Citation: International Journal of Epidemiology, 2018; 47(5):1687-1704
Publisher: Oxford University Press
Issue Date: 2018
ISSN: 0300-5771
1464-3685
Statement of
Responsibility: 
Shu Kay Ng, Richard Tawiah, Michael Sawyer and Paul Scuffham
Abstract: Background: The latest review of studies on multimorbidity patterns showed high heterogeneity in the methodology for identifying groups of multimorbid conditions. However, it is unclear how analytical methods used influence the identified multimorbidity patterns. Methods: We undertook a systematic review of analytical methods used to identify multimorbidity patterns in PubMed and EMBASE from their inception to January 2017. We conducted a comparison analysis to assess the effect the analytical methods had on the multimorbidity patterns identified, using the Australian National Health Survey (NHS) 2007-08 data. Results: We identified 13 194 studies and excluded 13 091 based on titles/abstracts. From the full-text reviews of the 103 remaining publications, we identified 41 studies that used five different analytical methods to identify multimorbid conditions in the studies. Thirty-seven studies (90%) adopted either the factor-analysis or hierarchical-clustering methods, but heterogeneity arises for the use of different proximity measures within each method to form clusters. Our comparison analysis showed the variation in identified groups of multimorbid conditions when applying the methods to the same NHS data.
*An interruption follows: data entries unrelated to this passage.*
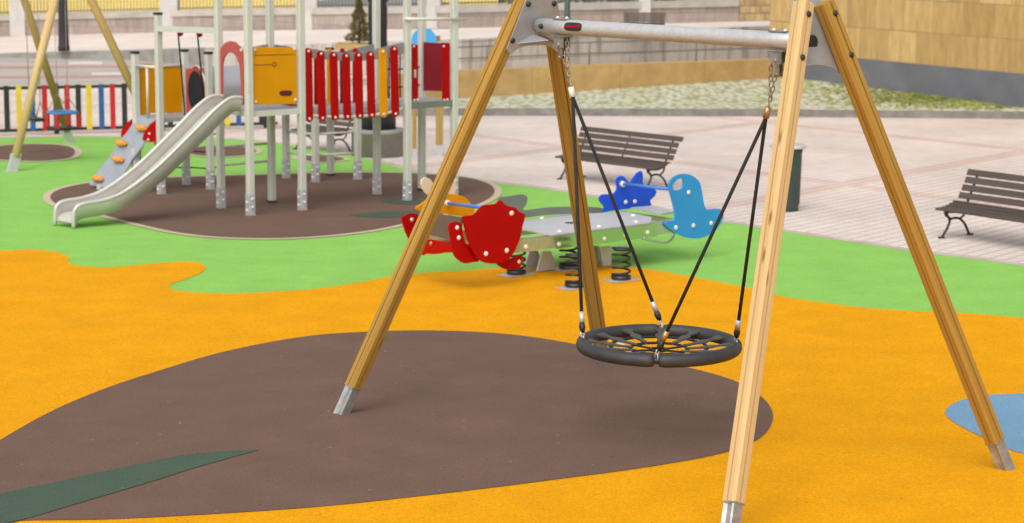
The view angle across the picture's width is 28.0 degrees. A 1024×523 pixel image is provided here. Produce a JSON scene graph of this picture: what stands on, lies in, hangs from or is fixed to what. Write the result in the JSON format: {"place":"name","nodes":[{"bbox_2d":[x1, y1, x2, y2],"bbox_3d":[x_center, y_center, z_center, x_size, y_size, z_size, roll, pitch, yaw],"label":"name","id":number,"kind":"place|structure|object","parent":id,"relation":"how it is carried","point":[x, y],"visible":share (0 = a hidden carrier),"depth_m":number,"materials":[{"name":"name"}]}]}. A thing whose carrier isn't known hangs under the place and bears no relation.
{"place":"outdoors","nodes":[
{"label":"outdoors","id":0,"kind":"place"},
{"bbox_2d":[0,144,74,160],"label":"brown ground","id":1,"kind":"structure","parent":0,"point":[34,152],"depth_m":32.24,"materials":[{"name":"rubber"}]},
{"bbox_2d":[0,450,256,522],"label":"dark green ground","id":2,"kind":"structure","parent":0,"point":[20,504],"depth_m":13.00,"materials":[{"name":"rubber"}]},
{"bbox_2d":[1,0,295,30],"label":"yellow building","id":3,"kind":"structure","parent":0,"point":[123,6],"depth_m":68.50,"materials":[{"name":"stone"}]},
{"bbox_2d":[0,58,366,86],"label":"road","id":4,"kind":"structure","parent":0,"point":[12,82],"depth_m":50.40,"materials":[{"name":"grey asphalt"}]},
{"bbox_2d":[0,76,122,77],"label":"road marking","id":5,"kind":"object","parent":4,"relation":"on","point":[62,76],"visible":0.33,"depth_m":48.63,"materials":[{"name":"white paint"}]},
{"bbox_2d":[68,62,101,63],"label":"road marking","id":6,"kind":"object","parent":4,"relation":"on","point":[84,62],"visible":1,"depth_m":53.67,"materials":[{"name":"white paint"}]},
{"bbox_2d":[0,65,193,67],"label":"road marking","id":7,"kind":"object","parent":4,"relation":"on","point":[116,66],"visible":0.33,"depth_m":52.13,"materials":[{"name":"white paint"}]},
{"bbox_2d":[0,47,205,65],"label":"kerb","id":8,"kind":"structure","parent":4,"relation":"on","point":[171,55],"depth_m":55.09,"materials":[{"name":"concrete"}]},
{"bbox_2d":[58,0,69,50],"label":"lamp post","id":9,"kind":"object","parent":8,"relation":"on","point":[63,36],"visible":0.92,"depth_m":55.07,"materials":[{"name":"black metal"}]},
{"bbox_2d":[92,72,121,74],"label":"road marking","id":10,"kind":"object","parent":4,"relation":"on","point":[118,73],"visible":0.6,"depth_m":49.82,"materials":[{"name":"white paint"}]},
{"bbox_2d":[191,146,255,155],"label":"brown ground","id":11,"kind":"structure","parent":0,"point":[234,151],"depth_m":32.55,"materials":[{"name":"rubber"}]},
{"bbox_2d":[50,172,494,237],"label":"brown ground","id":12,"kind":"structure","parent":0,"point":[335,201],"depth_m":26.26,"materials":[{"name":"rubber"}]},
{"bbox_2d":[53,0,466,227],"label":"play tower","id":13,"kind":"structure","parent":12,"relation":"on","point":[270,80],"depth_m":26.36,"materials":[{"name":"metal"}]},
{"bbox_2d":[306,156,343,161],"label":"brown ground","id":14,"kind":"structure","parent":0,"point":[321,158],"depth_m":31.63,"materials":[{"name":"rubber"}]},
{"bbox_2d":[335,42,367,49],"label":"planter","id":15,"kind":"object","parent":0,"point":[345,45],"visible":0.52,"depth_m":47.37,"materials":[{"name":"wood"}]},
{"bbox_2d":[344,0,368,42],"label":"conifer","id":16,"kind":"object","parent":15,"relation":"in","point":[363,28],"visible":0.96,"depth_m":47.52,"materials":[{"name":"green plant"}]},
{"bbox_2d":[350,211,417,216],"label":"dark green ground","id":17,"kind":"structure","parent":0,"point":[388,214],"depth_m":25.43,"materials":[{"name":"rubber"}]},
{"bbox_2d":[0,21,769,52],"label":"pavement","id":18,"kind":"structure","parent":0,"point":[80,42],"depth_m":57.03,"materials":[{"name":"grey concrete"}]},
{"bbox_2d":[0,0,738,36],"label":"boundary wall","id":19,"kind":"structure","parent":18,"relation":"on","point":[13,21],"depth_m":58.19,"materials":[{"name":"stone"}]},
{"bbox_2d":[564,0,569,17],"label":"lamp post","id":20,"kind":"object","parent":18,"relation":"on","point":[566,8],"depth_m":50.14,"materials":[{"name":"grey metal"}]},
{"bbox_2d":[623,12,665,24],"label":"park bench","id":21,"kind":"object","parent":18,"relation":"on","point":[648,15],"visible":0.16,"depth_m":51.52,"materials":[{"name":"wood"}]},
{"bbox_2d":[739,0,769,20],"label":"stone pier","id":22,"kind":"structure","parent":18,"relation":"on","point":[754,10],"depth_m":58.53,"materials":[{"name":"beige stone"}]},
{"bbox_2d":[0,330,772,520],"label":"brown ground","id":23,"kind":"structure","parent":0,"point":[436,412],"depth_m":14.67,"materials":[{"name":"rubber"}]},
{"bbox_2d":[381,199,423,203],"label":"dark green ground","id":24,"kind":"structure","parent":0,"point":[402,201],"depth_m":26.66,"materials":[{"name":"rubber"}]},
{"bbox_2d":[0,249,1023,522],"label":"orange ground","id":25,"kind":"structure","parent":0,"point":[860,401],"depth_m":16.69,"materials":[{"name":"rubber"}]},
{"bbox_2d":[401,171,723,290],"bbox_3d":[0.720,-0.400,21.227,3.794,1.026,1.532,-8,12,-41],"label":"spring rocker","id":26,"kind":"object","parent":25,"relation":"on","point":[490,233],"visible":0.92,"depth_m":21.15,"materials":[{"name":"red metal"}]},
{"bbox_2d":[333,0,1014,522],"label":"swing stand","id":27,"kind":"object","parent":25,"relation":"on","point":[815,34],"visible":0.97,"depth_m":13.27,"materials":[{"name":"brown wood"}]},
{"bbox_2d":[557,37,783,367],"bbox_3d":[1.023,-0.429,14.022,1.150,2.131,1.889,-1,9,-9],"label":"basket swing","id":28,"kind":"object","parent":27,"relation":"hanging from","point":[687,356],"visible":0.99,"depth_m":14.12,"materials":[{"name":"black plastic"}]},
{"bbox_2d":[0,137,1023,317],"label":"green ground","id":29,"kind":"structure","parent":0,"point":[826,270],"depth_m":22.41,"materials":[{"name":"rubber"}]},
{"bbox_2d":[0,143,81,161],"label":"beige border","id":30,"kind":"object","parent":29,"relation":"on","point":[78,151],"visible":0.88,"depth_m":32.00,"materials":[{"name":"concrete"}]},
{"bbox_2d":[4,0,155,171],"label":"wooden swing","id":31,"kind":"object","parent":29,"relation":"on","point":[41,62],"visible":0.69,"depth_m":30.60,"materials":[{"name":"brown wood"}]},
{"bbox_2d":[25,0,44,121],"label":"hanging swing","id":32,"kind":"object","parent":31,"relation":"hanging from","point":[34,118],"visible":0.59,"depth_m":31.77,"materials":[{"name":"black plastic"}]},
{"bbox_2d":[45,0,80,130],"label":"toddler swing","id":33,"kind":"object","parent":31,"relation":"hanging from","point":[68,113],"visible":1,"depth_m":31.04,"materials":[{"name":"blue plastic"}]},
{"bbox_2d":[190,145,261,156],"bbox_3d":[-4.666,-1.762,32.654,1.399,0.001,1.764,0,9,0],"label":"beige border","id":34,"kind":"object","parent":29,"relation":"on","point":[258,151],"visible":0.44,"depth_m":32.14,"materials":[{"name":"concrete"}]},
{"bbox_2d":[43,172,501,238],"bbox_3d":[-3.185,-0.786,26.671,6.094,0.001,6.679,0,9,0],"label":"beige border","id":35,"kind":"object","parent":29,"relation":"on","point":[493,197],"visible":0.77,"depth_m":24.73,"materials":[{"name":"rubber"}]},
{"bbox_2d":[291,156,349,162],"bbox_3d":[-2.968,-1.596,31.696,0.838,0.001,1.120,-5,11,-32],"label":"beige border","id":36,"kind":"object","parent":29,"relation":"on","point":[344,159],"visible":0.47,"depth_m":31.55,"materials":[{"name":"rubber"}]},
{"bbox_2d":[0,136,1023,265],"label":"kerb strip","id":37,"kind":"object","parent":29,"relation":"on","point":[798,232],"visible":0.66,"depth_m":24.86,"materials":[{"name":"grey concrete"}]},
{"bbox_2d":[0,73,1023,265],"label":"plaza","id":38,"kind":"structure","parent":0,"point":[843,193],"depth_m":31.94,"materials":[{"name":"grey tile"}]},
{"bbox_2d":[0,83,277,133],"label":"coloured fence","id":39,"kind":"object","parent":38,"relation":"on","point":[123,87],"visible":0.45,"depth_m":35.32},
{"bbox_2d":[291,114,353,151],"bbox_3d":[-3.001,-2.139,32.886,1.136,0.731,0.616,9,13,43],"label":"park bench","id":40,"kind":"object","parent":38,"relation":"on","point":[322,129],"visible":0.37,"depth_m":32.76,"materials":[{"name":"brown wood"}]},
{"bbox_2d":[351,127,402,157],"bbox_3d":[-2.103,-1.878,32.232,0.870,0.421,0.870,0,9,0],"label":"concrete drum","id":41,"kind":"object","parent":38,"relation":"on","point":[391,143],"visible":0.47,"depth_m":31.87,"materials":[{"name":"grey concrete"}]},
{"bbox_2d":[361,0,395,129],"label":"lamp post","id":42,"kind":"object","parent":41,"relation":"on","point":[388,121],"visible":0.36,"depth_m":31.91,"materials":[{"name":"black metal"}]},
{"bbox_2d":[412,28,442,159],"bbox_3d":[-1.307,-2.619,31.791,0.389,2.034,0.834,1,9,7],"label":"play board","id":43,"kind":"object","parent":38,"relation":"on","point":[431,36],"visible":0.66,"depth_m":31.63,"materials":[{"name":"plastic"}]},
{"bbox_2d":[205,25,769,75],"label":"concrete wall","id":44,"kind":"structure","parent":38,"relation":"on","point":[463,64],"depth_m":51.32,"materials":[{"name":"grey concrete"}]},
{"bbox_2d":[555,126,683,186],"bbox_3d":[1.462,-1.448,28.792,0.616,0.731,2.015,-8,12,-41],"label":"park bench","id":45,"kind":"object","parent":38,"relation":"on","point":[648,165],"visible":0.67,"depth_m":28.73,"materials":[{"name":"brown wood"}]},
{"bbox_2d":[398,108,1023,118],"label":"kerb","id":46,"kind":"structure","parent":38,"relation":"on","point":[751,113],"depth_m":39.37,"materials":[{"name":"grey concrete"}]},
{"bbox_2d":[770,143,806,211],"bbox_3d":[3.511,-1.075,26.127,0.461,0.855,0.461,0,9,0],"label":"litter bin","id":47,"kind":"object","parent":38,"relation":"on","point":[793,201],"visible":0.52,"depth_m":26.00,"materials":[{"name":"metal"}]},
{"bbox_2d":[935,169,1023,238],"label":"park bench","id":48,"kind":"object","parent":38,"relation":"on","point":[967,207],"visible":1,"depth_m":23.77,"materials":[{"name":"brown wood"}]},
{"bbox_2d":[399,77,1023,111],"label":"cobbled ground","id":49,"kind":"structure","parent":0,"point":[747,94],"depth_m":41.58,"materials":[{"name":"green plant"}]},
{"bbox_2d":[399,58,783,97],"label":"stone wall","id":50,"kind":"structure","parent":49,"relation":"on","point":[526,80],"depth_m":43.58,"materials":[{"name":"beige stone"}]},
{"bbox_2d":[458,40,771,64],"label":"handrail","id":51,"kind":"object","parent":50,"relation":"on","point":[589,53],"visible":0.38,"depth_m":43.50,"materials":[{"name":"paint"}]},
{"bbox_2d":[945,393,1023,452],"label":"blue ground","id":52,"kind":"structure","parent":0,"point":[1008,410],"depth_m":15.04,"materials":[{"name":"rubber"}]},
{"label":"ground","id":53,"kind":"structure","parent":0,"visible":0},
{"bbox_2d":[319,0,446,29],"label":"fence","id":54,"kind":"object","parent":53,"relation":"on","point":[350,2],"visible":0.02,"depth_m":61.80,"materials":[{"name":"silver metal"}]},
{"bbox_2d":[443,0,506,27],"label":"yellow wall","id":55,"kind":"structure","parent":53,"relation":"on","point":[476,1],"depth_m":63.07,"materials":[{"name":"yellow paint"}]},
{"bbox_2d":[499,0,670,3],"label":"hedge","id":56,"kind":"object","parent":53,"relation":"on","point":[590,1],"visible":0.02,"depth_m":61.22,"materials":[{"name":"green plant"}]},
{"bbox_2d":[768,0,1023,107],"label":"sandstone building","id":57,"kind":"structure","parent":53,"relation":"on","point":[968,49],"depth_m":42.05,"materials":[{"name":"stone"}]}
]}

We extracted main similarities among the groupings obtained by the five methods: (i) cardiovascular and metabolic diseases, (ii) mental health problems and (iii) allergic diseases. Conclusion: We showed the extent of effects for heterogeneous analytical methods on identification of multimorbidity patterns. However, more work is needed to guide investigators for choosing the best analytical method to improve the validity and generalizability of findings. Investigators should also attempt to compare results obtained by various methods for a consensus grouping of multimorbid conditions.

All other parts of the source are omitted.